[Data items]
▬▬▬

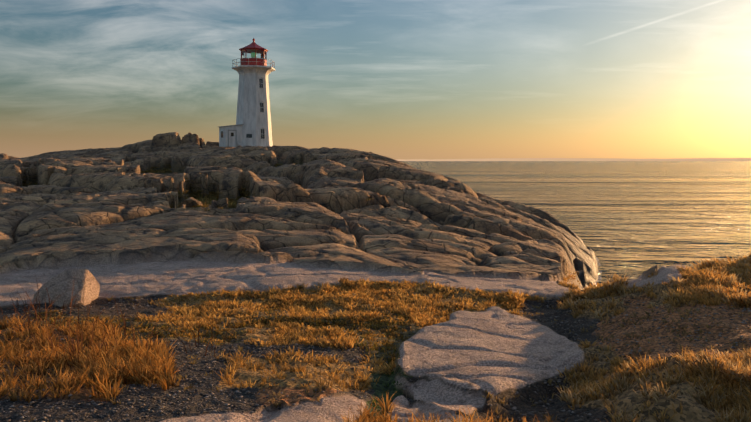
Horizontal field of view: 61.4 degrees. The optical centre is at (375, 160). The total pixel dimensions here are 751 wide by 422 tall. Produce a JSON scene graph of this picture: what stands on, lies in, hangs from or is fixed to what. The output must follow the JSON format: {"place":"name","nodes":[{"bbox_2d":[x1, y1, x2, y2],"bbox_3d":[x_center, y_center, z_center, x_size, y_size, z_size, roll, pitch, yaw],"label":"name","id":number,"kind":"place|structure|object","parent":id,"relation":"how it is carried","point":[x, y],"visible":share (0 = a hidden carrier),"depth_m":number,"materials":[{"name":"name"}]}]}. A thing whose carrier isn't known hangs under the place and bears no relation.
{"place":"outdoors","nodes":[
{"label":"outdoors","id":0,"kind":"place"},
{"bbox_2d":[0,132,750,421],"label":"rocky ground","id":1,"kind":"structure","parent":0,"point":[113,223],"depth_m":15.76,"materials":[{"name":"grey stone"}]},
{"bbox_2d":[33,268,99,307],"bbox_3d":[-6.190,2.619,12.566,1.222,0.922,1.083,0,0,-16],"label":"slab boulder","id":2,"kind":"object","parent":1,"relation":"on","point":[59,284],"visible":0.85,"depth_m":12.33,"materials":[{"name":"grey stone"}]},
{"bbox_2d":[179,197,201,206],"bbox_3d":[-9.696,2.254,33.042,0.920,0.693,0.990,0,0,31],"label":"perched boulder","id":3,"kind":"object","parent":1,"relation":"on","point":[190,202],"visible":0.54,"depth_m":32.79,"materials":[{"name":"grey stone"}]},
{"bbox_2d":[219,39,274,146],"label":"lighthouse","id":4,"kind":"object","parent":1,"relation":"on","point":[252,127],"visible":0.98,"depth_m":84.41,"materials":[{"name":"white paint"}]},
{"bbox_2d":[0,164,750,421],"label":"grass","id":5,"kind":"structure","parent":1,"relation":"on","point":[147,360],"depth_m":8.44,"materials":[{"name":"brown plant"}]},
{"bbox_2d":[0,286,750,421],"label":"ground pebbles","id":6,"kind":"object","parent":1,"relation":"on","point":[92,410],"visible":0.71,"depth_m":6.68,"materials":[{"name":"grey gravel"}]},
{"bbox_2d":[0,0,750,158],"label":"sky","id":7,"kind":"structure","parent":0,"point":[394,79],"materials":[{"name":"blue"}]},
{"bbox_2d":[395,159,427,160],"bbox_3d":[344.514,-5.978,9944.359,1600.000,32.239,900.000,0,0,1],"label":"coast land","id":8,"kind":"structure","parent":0,"point":[409,159],"depth_m":9826.76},
{"bbox_2d":[400,161,750,285],"bbox_3d":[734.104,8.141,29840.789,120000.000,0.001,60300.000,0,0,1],"label":"sea water","id":9,"kind":"structure","parent":0,"point":[632,219],"depth_m":128.42,"materials":[{"name":"grey liquid"}]},
{"bbox_2d":[402,158,750,160],"bbox_3d":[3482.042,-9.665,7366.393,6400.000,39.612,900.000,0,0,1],"label":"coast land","id":10,"kind":"structure","parent":0,"point":[612,159],"depth_m":7174.76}
]}

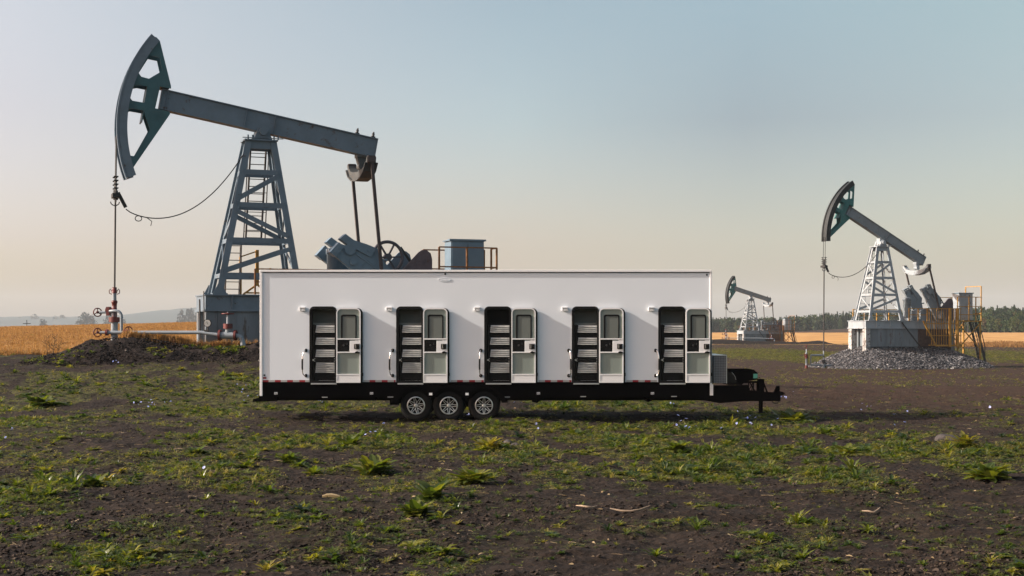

▬▬▬

__Instructions for the task__:
The copy must include every record exactly and none of the pictures.

__Reply__:
Horizontal field of view: 61.4 degrees. The optical centre is at (375, 160). The total pixel dimensions here are 751 wide by 422 tall. Produce a JSON scene graph of this picture: what stands on, lies in, hangs from or is fixed to what. The output must follow the JSON format: {"place":"name","nodes":[{"bbox_2d":[x1, y1, x2, y2],"bbox_3d":[x_center, y_center, z_center, x_size, y_size, z_size, roll, pitch, yaw],"label":"name","id":number,"kind":"place|structure|object","parent":id,"relation":"how it is carried","point":[x, y],"visible":share (0 = a hidden carrier),"depth_m":number,"materials":[{"name":"name"}]}]}. A thing whose carrier isn't known hangs under the place and bears no relation.
{"place":"outdoors","nodes":[
{"label":"outdoors","id":0,"kind":"place"},
{"bbox_2d":[0,132,750,421],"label":"rocky ground","id":1,"kind":"structure","parent":0,"point":[113,223],"depth_m":15.76,"materials":[{"name":"grey stone"}]},
{"bbox_2d":[33,268,99,307],"bbox_3d":[-6.190,2.619,12.566,1.222,0.922,1.083,0,0,-16],"label":"slab boulder","id":2,"kind":"object","parent":1,"relation":"on","point":[59,284],"visible":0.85,"depth_m":12.33,"materials":[{"name":"grey stone"}]},
{"bbox_2d":[179,197,201,206],"bbox_3d":[-9.696,2.254,33.042,0.920,0.693,0.990,0,0,31],"label":"perched boulder","id":3,"kind":"object","parent":1,"relation":"on","point":[190,202],"visible":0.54,"depth_m":32.79,"materials":[{"name":"grey stone"}]},
{"bbox_2d":[219,39,274,146],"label":"lighthouse","id":4,"kind":"object","parent":1,"relation":"on","point":[252,127],"visible":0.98,"depth_m":84.41,"materials":[{"name":"white paint"}]},
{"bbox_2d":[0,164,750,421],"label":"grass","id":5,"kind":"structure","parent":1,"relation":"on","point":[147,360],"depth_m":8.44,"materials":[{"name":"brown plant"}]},
{"bbox_2d":[0,286,750,421],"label":"ground pebbles","id":6,"kind":"object","parent":1,"relation":"on","point":[92,410],"visible":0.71,"depth_m":6.68,"materials":[{"name":"grey gravel"}]},
{"bbox_2d":[0,0,750,158],"label":"sky","id":7,"kind":"structure","parent":0,"point":[394,79],"materials":[{"name":"blue"}]},
{"bbox_2d":[395,159,427,160],"bbox_3d":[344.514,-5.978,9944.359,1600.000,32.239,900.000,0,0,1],"label":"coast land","id":8,"kind":"structure","parent":0,"point":[409,159],"depth_m":9826.76},
{"bbox_2d":[400,161,750,285],"bbox_3d":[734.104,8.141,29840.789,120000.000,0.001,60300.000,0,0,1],"label":"sea water","id":9,"kind":"structure","parent":0,"point":[632,219],"depth_m":128.42,"materials":[{"name":"grey liquid"}]},
{"bbox_2d":[402,158,750,160],"bbox_3d":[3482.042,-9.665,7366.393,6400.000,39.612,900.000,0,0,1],"label":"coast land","id":10,"kind":"structure","parent":0,"point":[612,159],"depth_m":7174.76}
]}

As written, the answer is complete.